(Stored items)
+++++

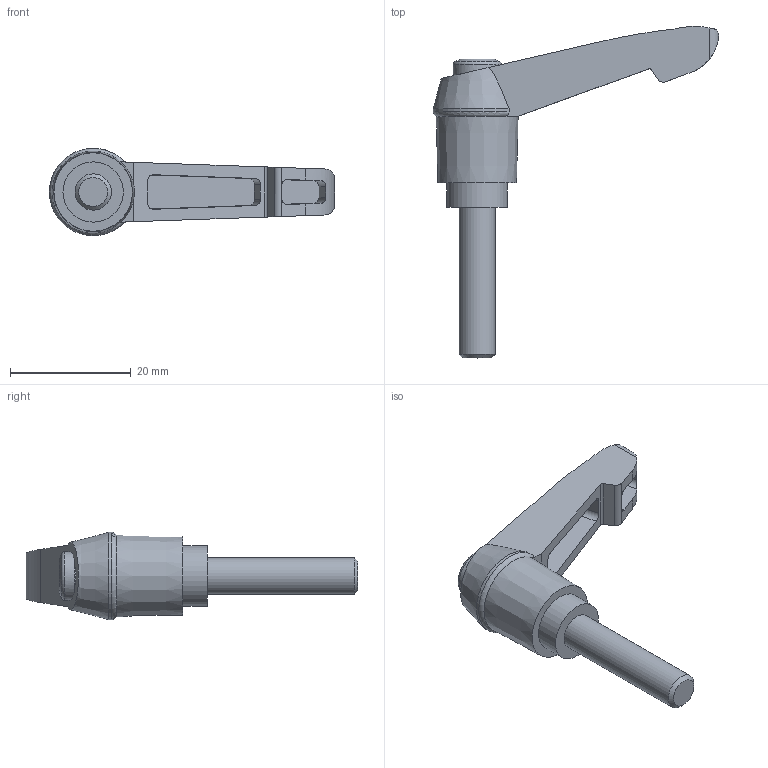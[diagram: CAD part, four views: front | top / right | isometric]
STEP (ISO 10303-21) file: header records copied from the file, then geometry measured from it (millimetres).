
FILE_DESCRIPTION( ( 'STEP AP214' ), '1' );
FILE_NAME( 'K0269.10616X25.stp', '2020-11-27T09:23:03', ( '' ), ( '' ), ' ', 'PARTsolutions', ' ' );
FILE_SCHEMA( ( 'AUTOMOTIVE_DESIGN { 1 0 10303 214 1 1 1 1 }' ) );
Length unit declared in the file: millimetre
Products named in the file (1): _K0269.10616X25
Bounding box: 47.25 x 55 x 14.49 mm (x, y, z)
Volume: 5149.2 mm3; surface area: 3184.8 mm2
Topology: 1 solids, 1 shells, 84 faces, 225 edges, 148 vertices
Faces by surface type: plane 43, cylinder 33, torus 4, cone 3, sphere 1
Full cylindrical faces by diameter (mm): 6 x1, 8 x1, 10 x1
Entity records: 3379 total; most frequent: CARTESIAN_POINT 591, DIRECTION 445, ORIENTED_EDGE 430, EDGE_CURVE 215, AXIS2_PLACEMENT_3D 159, VERTEX_POINT 145, LINE 127, VECTOR 127

+++++

• PROBLEM TO WORK ON
An exact transcription of all the entries is required, without the pictures.

• WRITTEN ANSWER
[diagram: CAD part, four views: front | top / right | isometric]
STEP (ISO 10303-21) file: header records copied from the file, then geometry measured from it (millimetres).
FILE_DESCRIPTION( ( 'STEP AP214' ), '1' );
FILE_NAME( 'K0269.10616X25.stp', '2020-11-27T09:23:03', ( '' ), ( '' ), ' ', 'PARTsolutions', ' ' );
FILE_SCHEMA( ( 'AUTOMOTIVE_DESIGN { 1 0 10303 214 1 1 1 1 }' ) );
Length unit declared in the file: millimetre
Products named in the file (1): _K0269.10616X25
Bounding box: 47.25 x 55 x 14.49 mm (x, y, z)
Volume: 5149.2 mm3; surface area: 3184.8 mm2
Topology: 1 solids, 1 shells, 84 faces, 225 edges, 148 vertices
Faces by surface type: plane 43, cylinder 33, torus 4, cone 3, sphere 1
Full cylindrical faces by diameter (mm): 6 x1, 8 x1, 10 x1
Entity records: 3379 total; most frequent: CARTESIAN_POINT 591, DIRECTION 445, ORIENTED_EDGE 430, EDGE_CURVE 215, AXIS2_PLACEMENT_3D 159, VERTEX_POINT 145, LINE 127, VECTOR 127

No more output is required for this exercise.